[[ RECORDS FOR THIS TASK open ]]
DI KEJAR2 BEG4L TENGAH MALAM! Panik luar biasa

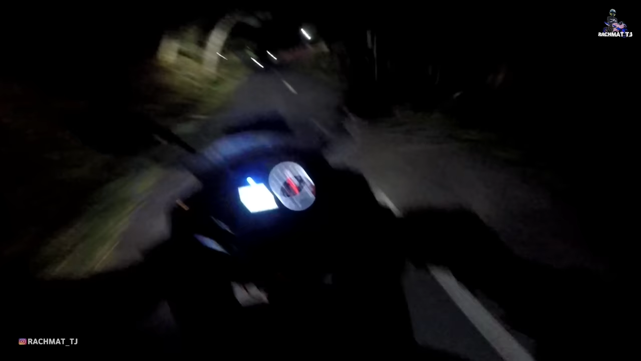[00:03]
Ini di belakang gua kayak ada motor, cuy. Apa sih? Sialan. Kosong.
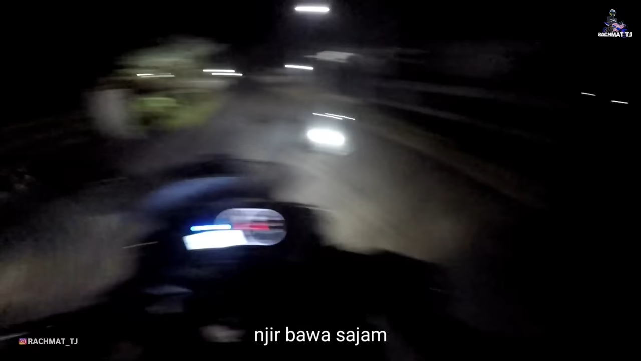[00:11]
Ngeri, cuy.
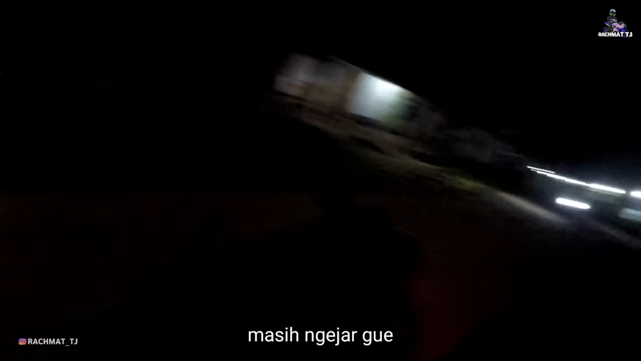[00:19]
Sialan.
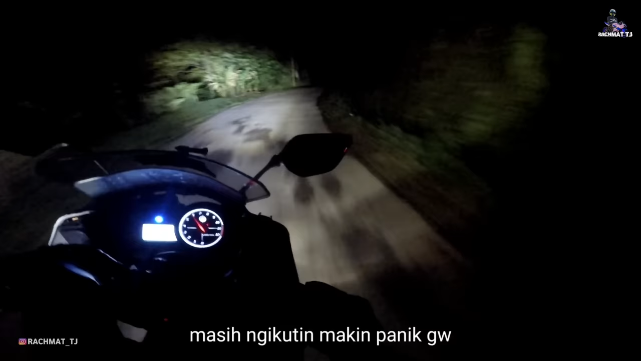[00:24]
Kosong. Anjir. Sialan, ngikutin gua, cuy.
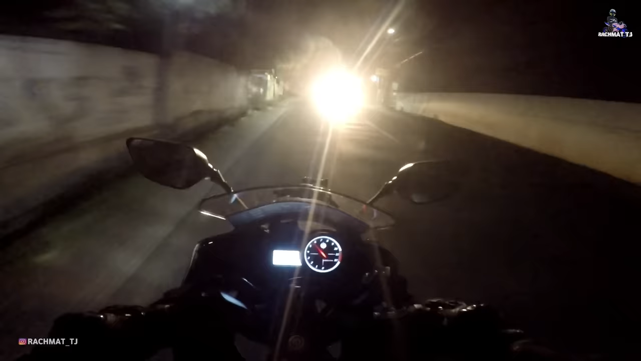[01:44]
Ini gak enak nih jalannya ini. Ini cocok, gak enak, anjir. Oke, lanjut bro, lanjut. Ini enak banget nih buat ngebut, tetap enggak. Jangan ngebut. Santuy. Ini dingin banget, serius.
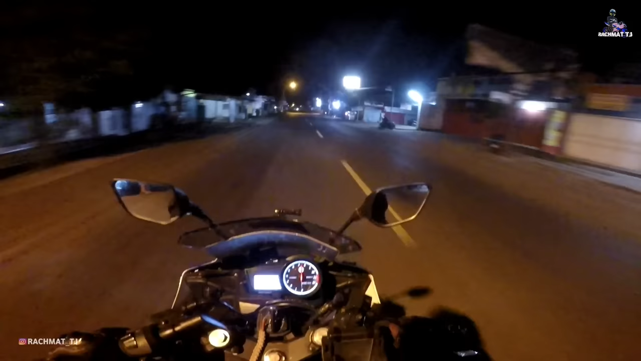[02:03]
Tengah malam kayak gini, dinginnya luar biasa, kampret. Padahal udah gue udah pakai jaket ini, cuy. Apalagi nggak pakai jaket ya, bahaya banget, cuy.
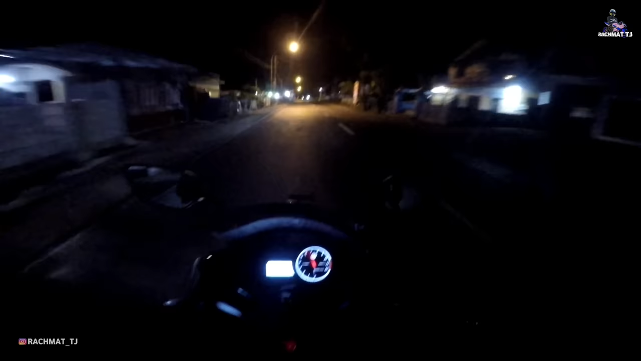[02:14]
Emang sekarang nggak kenapa apa ya, cuma dingin, cuma katanya itu efeknya nanti, cuy. Kalau kita udah berumur, cuy. Wih, ini tambah sepi nih jalannya kalau tempat kayak gini nih. Tuh kan, udah sepi banget. Terang banget lampu gua, cuy. Naik ke atas apa gimana ini? Mantap.
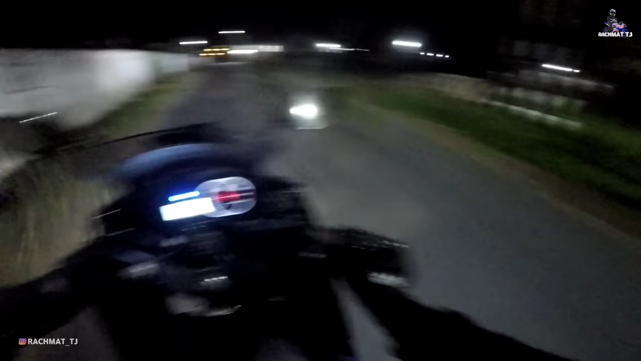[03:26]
Sialan. Ngikutin gua. Anjir, masih ngikut. Masih di belakang gua, cuy. Gua ngebut.
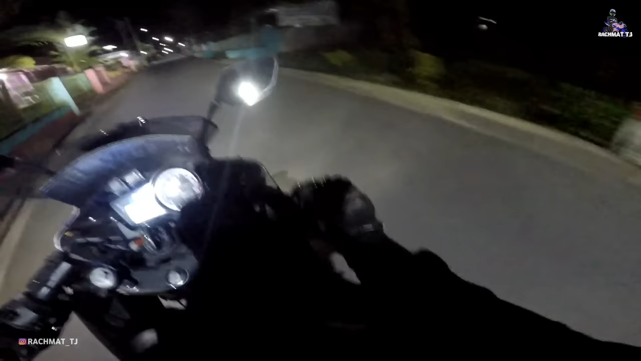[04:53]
Sialan. Enggak. Jangan berhenti, pokoknya apapun yang terjadi, jangan berhenti, mat. ini udah tengah malam dan gue sendirian soalnya. Tenang, jangan panik, ngebut, tetap hati-hati juga.
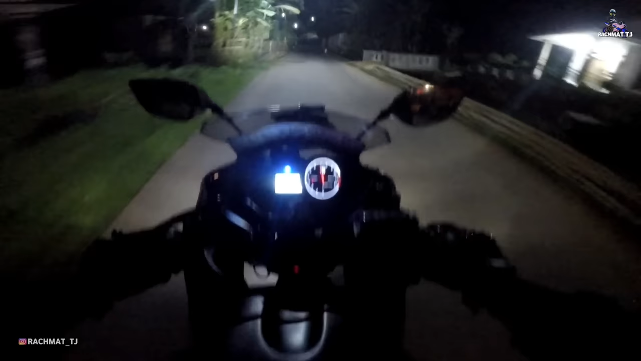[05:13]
Tenang, ini masih ada rumah, masih banyak rumah, tenang. Anjir, masih di belakang gua.
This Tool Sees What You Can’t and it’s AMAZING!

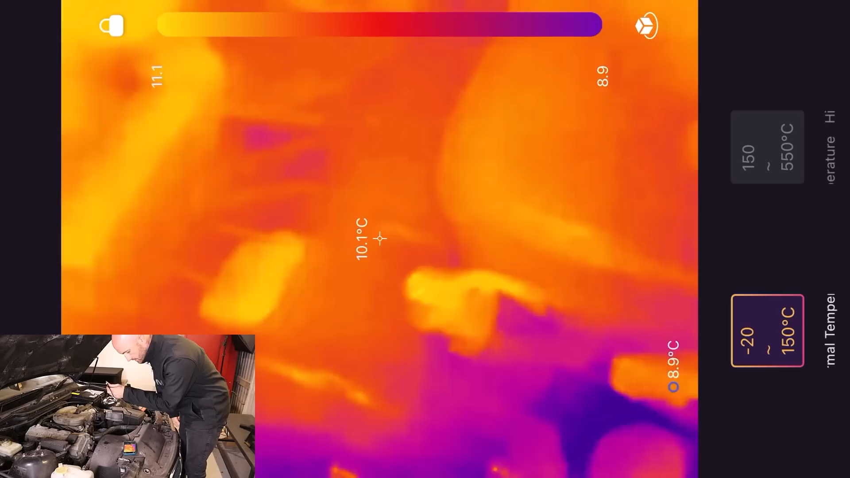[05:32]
On screen: spot 10.1°C
but there's nothing at the minute screaming out.
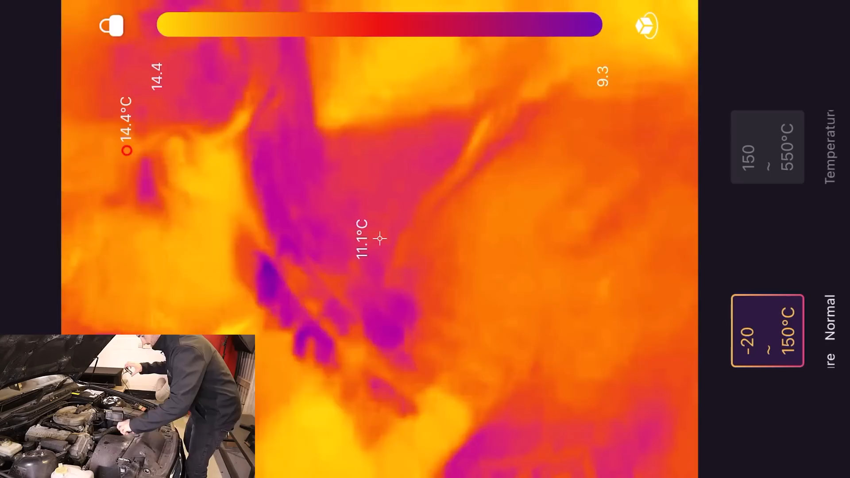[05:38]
Let's go and take a look over at the fuse box there and again there's nothing that's
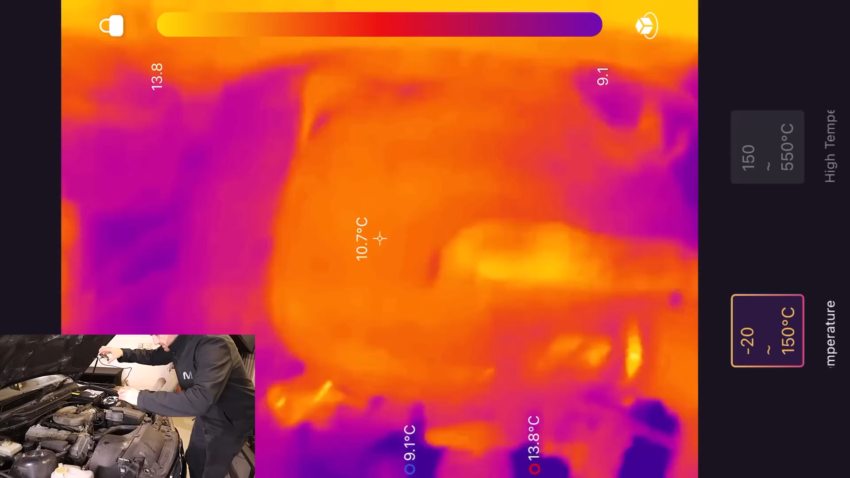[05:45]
On screen: spot 10.7°C, max 13.8°C, min 9.1°C
you know really showing up red. You can see that there is a difference in temperature but it's only about kind of half a degree.
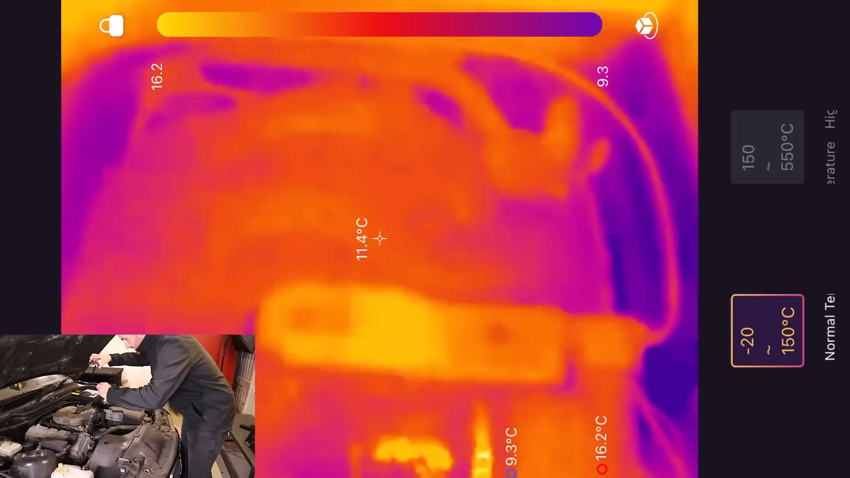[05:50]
On screen: spot 11.4°C
You see like in this bit here which is red it's about eleven and a half degrees. The top of that inlet manifold there is about ten and a half
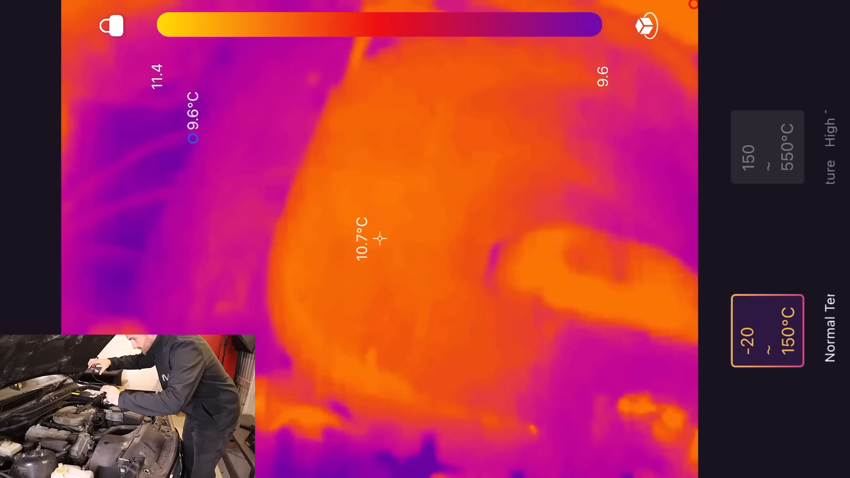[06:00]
On screen: spot 10.7°C
so maybe a degree a half a degree so it's quite good at picking up the differences in temperature there.
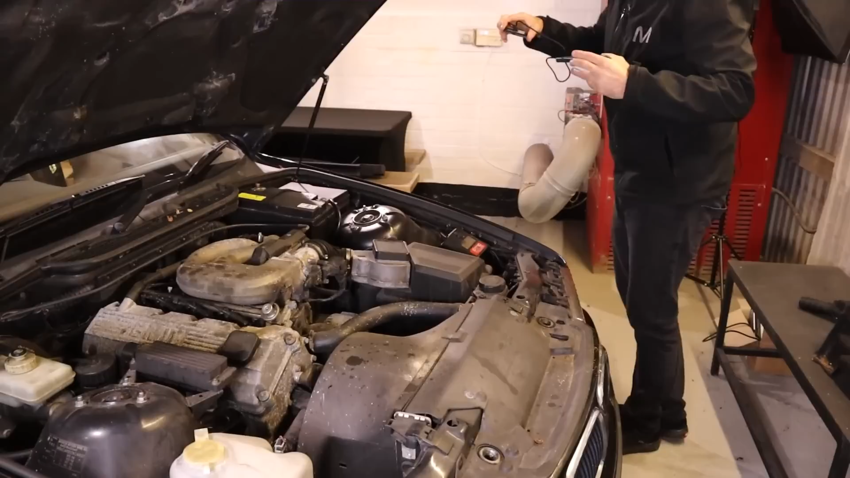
[[ RECORDS FOR THIS TASK closed ]]
» WORK ITEM
Print the material above word for word, first line through the line with "This Tool Sees", and leave every picture out.

» TASK SOLUTION
DI KEJAR2 BEG4L TENGAH MALAM! Panik luar biasa

[00:03]
Ini di belakang gua kayak ada motor, cuy. Apa sih? Sialan. Kosong.
[00:11]
Ngeri, cuy.
[00:19]
Sialan.
[00:24]
Kosong. Anjir. Sialan, ngikutin gua, cuy.
[01:44]
Ini gak enak nih jalannya ini. Ini cocok, gak enak, anjir. Oke, lanjut bro, lanjut. Ini enak banget nih buat ngebut, tetap enggak. Jangan ngebut. Santuy. Ini dingin banget, serius.
[02:03]
Tengah malam kayak gini, dinginnya luar biasa, kampret. Padahal udah gue udah pakai jaket ini, cuy. Apalagi nggak pakai jaket ya, bahaya banget, cuy.
[02:14]
Emang sekarang nggak kenapa apa ya, cuma dingin, cuma katanya itu efeknya nanti, cuy. Kalau kita udah berumur, cuy. Wih, ini tambah sepi nih jalannya kalau tempat kayak gini nih. Tuh kan, udah sepi banget. Terang banget lampu gua, cuy. Naik ke atas apa gimana ini? Mantap.
[03:26]
Sialan. Ngikutin gua. Anjir, masih ngikut. Masih di belakang gua, cuy. Gua ngebut.
[04:53]
Sialan. Enggak. Jangan berhenti, pokoknya apapun yang terjadi, jangan berhenti, mat. ini udah tengah malam dan gue sendirian soalnya. Tenang, jangan panik, ngebut, tetap hati-hati juga.
[05:13]
Tenang, ini masih ada rumah, masih banyak rumah, tenang. Anjir, masih di belakang gua.
This Tool Sees What You Can’t and it’s AMAZING!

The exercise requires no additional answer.